The sequel updated the timeline, got rid of the goofiness and created a tonally consistent city that both works as a traditional D&D city (they have the obligatory riff on Lankhmar's temple district with innumerable gods) and giving DMs both details where it's needed and blank space to make the setting their own. The gods of knowledge and pirates, for instance, are very important to the Freeport Trilogy, but while the temple and local clergy for each are detailed, there are no names or stats about the faiths, because they expect DMs to drop Freeport into their own world and use the existing pantheons. (The later adventure, Black Sails Over Freeport, gives the pirate god a name, as well as the bloodthirsty pirate god he replaced.)
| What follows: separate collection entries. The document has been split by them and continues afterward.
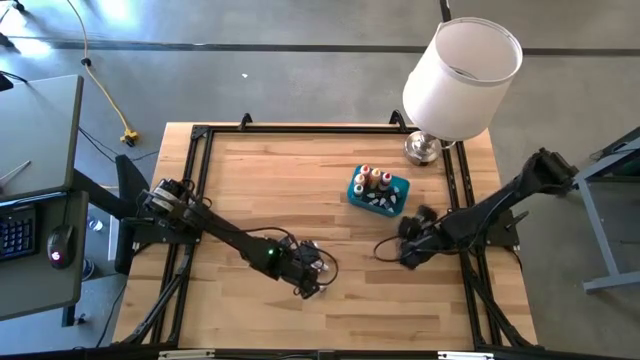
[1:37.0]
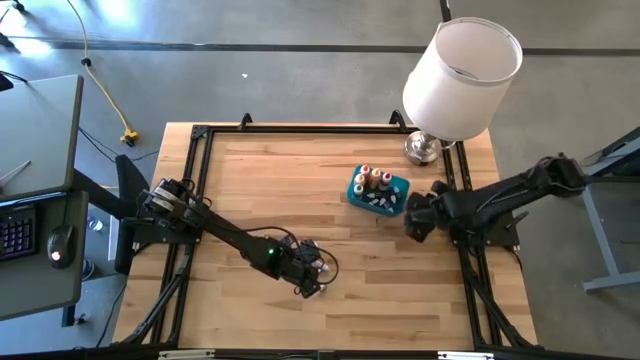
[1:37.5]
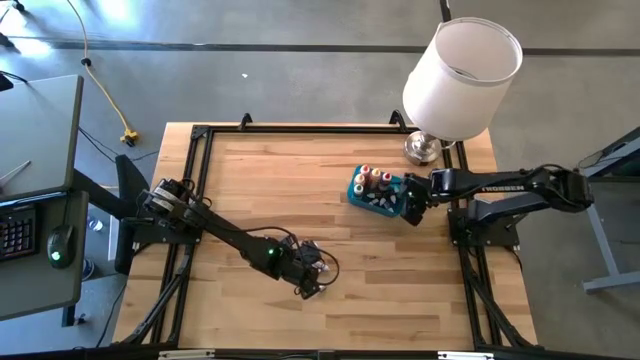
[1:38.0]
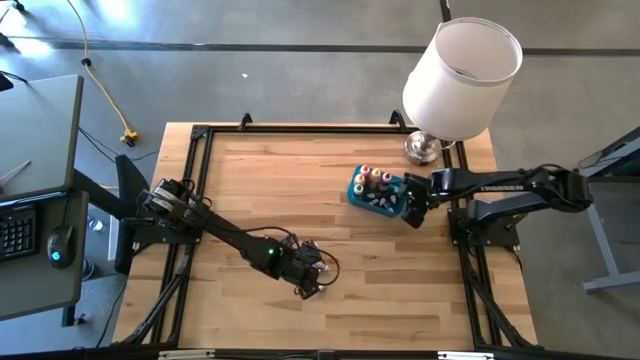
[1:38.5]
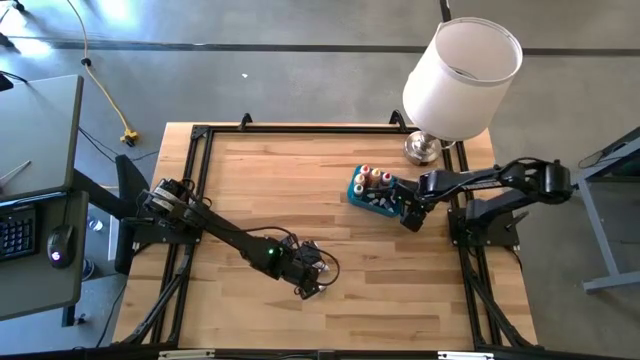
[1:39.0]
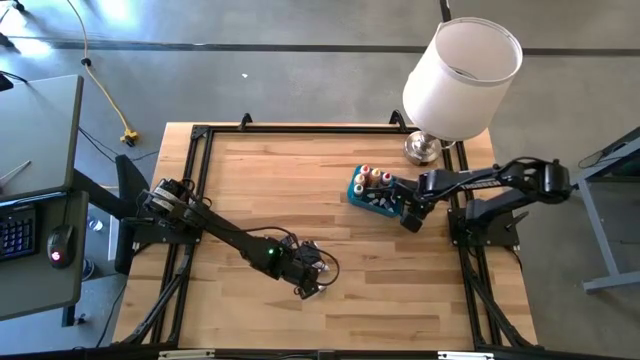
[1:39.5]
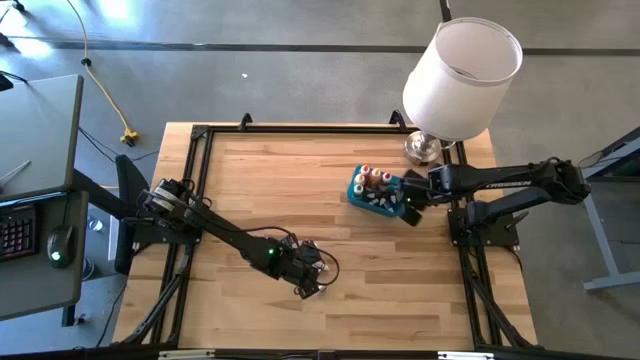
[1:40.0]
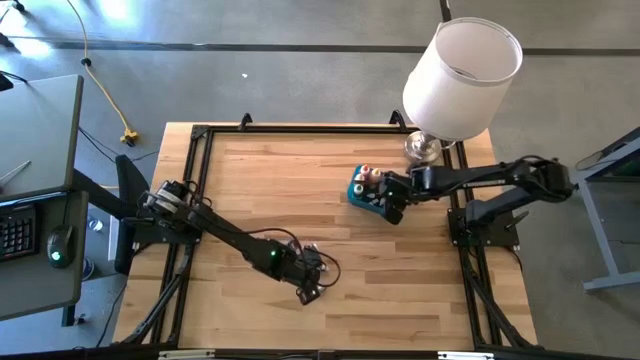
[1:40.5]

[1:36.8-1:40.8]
Task: Pick & Place food coloring
Put the bottom small red food coloring bottle into the blue bin

You get enough details about the local islands to run nautical games for a very long time. And if you don't have a world at all, there's an extremely lightly sketched broader world you can use, especially for the purposes of knowing whose navy is chasing your player characters or what nation's ship you just attacked.
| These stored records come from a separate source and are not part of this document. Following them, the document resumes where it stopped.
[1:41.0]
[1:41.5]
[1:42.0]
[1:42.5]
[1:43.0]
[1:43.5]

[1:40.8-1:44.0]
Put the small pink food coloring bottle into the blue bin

I dropped Freeport into Praemal, the world Ptolus sits on, and it fit like a glove and was home to a fork of my long-running campaign for quite a while. Those players seem to have a warm spot in their black hearts for Freeport even now, years later.
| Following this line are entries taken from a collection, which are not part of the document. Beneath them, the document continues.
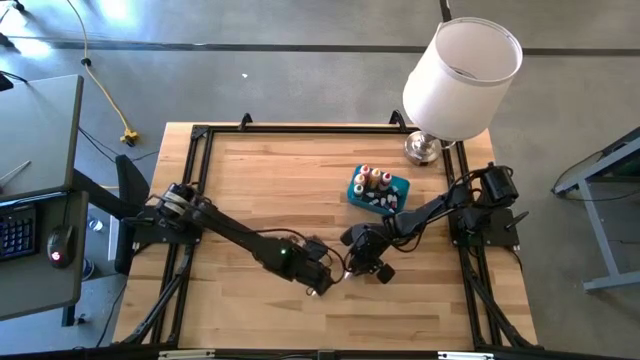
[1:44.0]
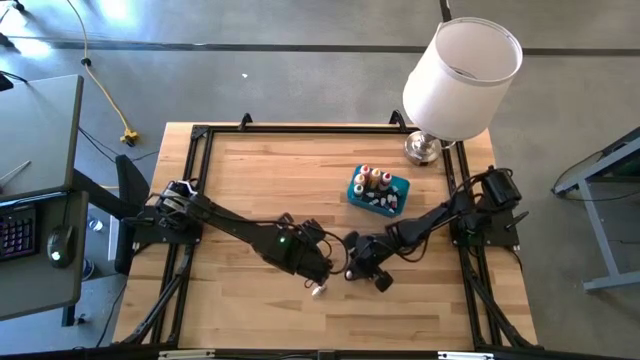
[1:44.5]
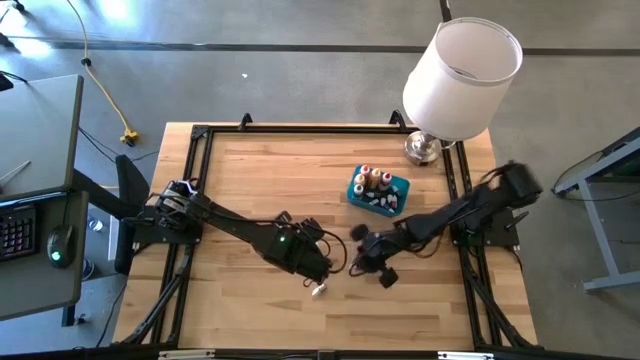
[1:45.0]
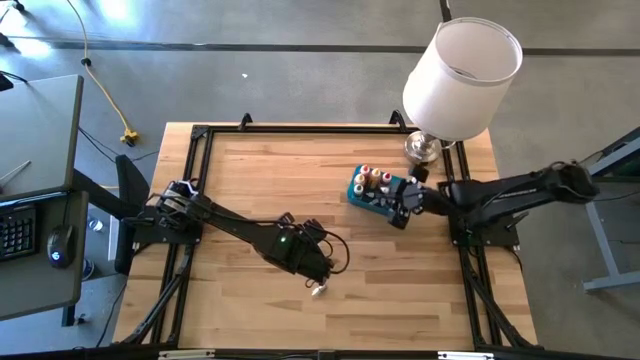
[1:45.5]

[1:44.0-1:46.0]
Put the small red food coloring bottle into the blue bin

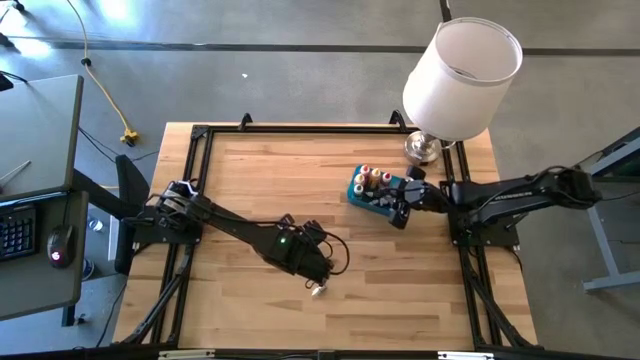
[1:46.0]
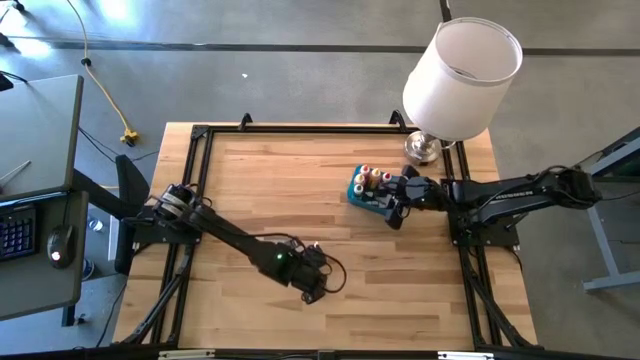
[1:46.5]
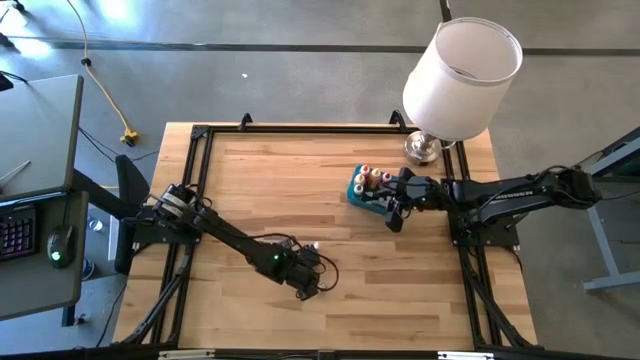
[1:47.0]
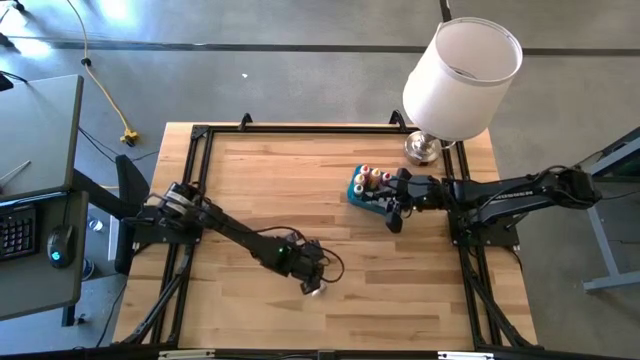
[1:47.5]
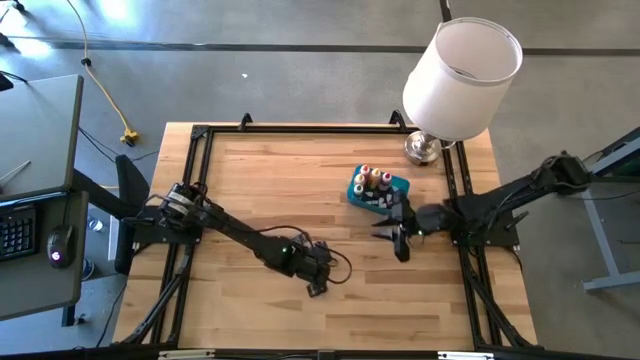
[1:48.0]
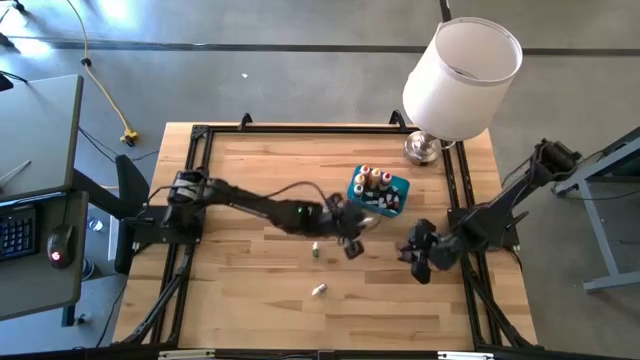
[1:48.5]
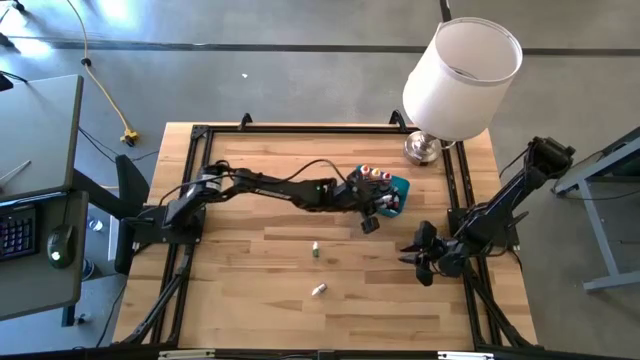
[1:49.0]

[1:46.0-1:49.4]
Put the small pink food coloring bottle into the blue bin

There are supplemental books giving stats for a variety of systems (Pathfinder 1E, 4E, Fate, Castles & Crusades, etc.) but it would be extremely easy to run with pretty much any fantasy RPG with little to no conversion, especially if the system has snake men (which many of them seem to). I could run it with Shadowdark tomorrow, for instance, with zero conversions necessary. And, of course, it would be a fantastic alternate setting for Pirate Borg.

Highly recommended.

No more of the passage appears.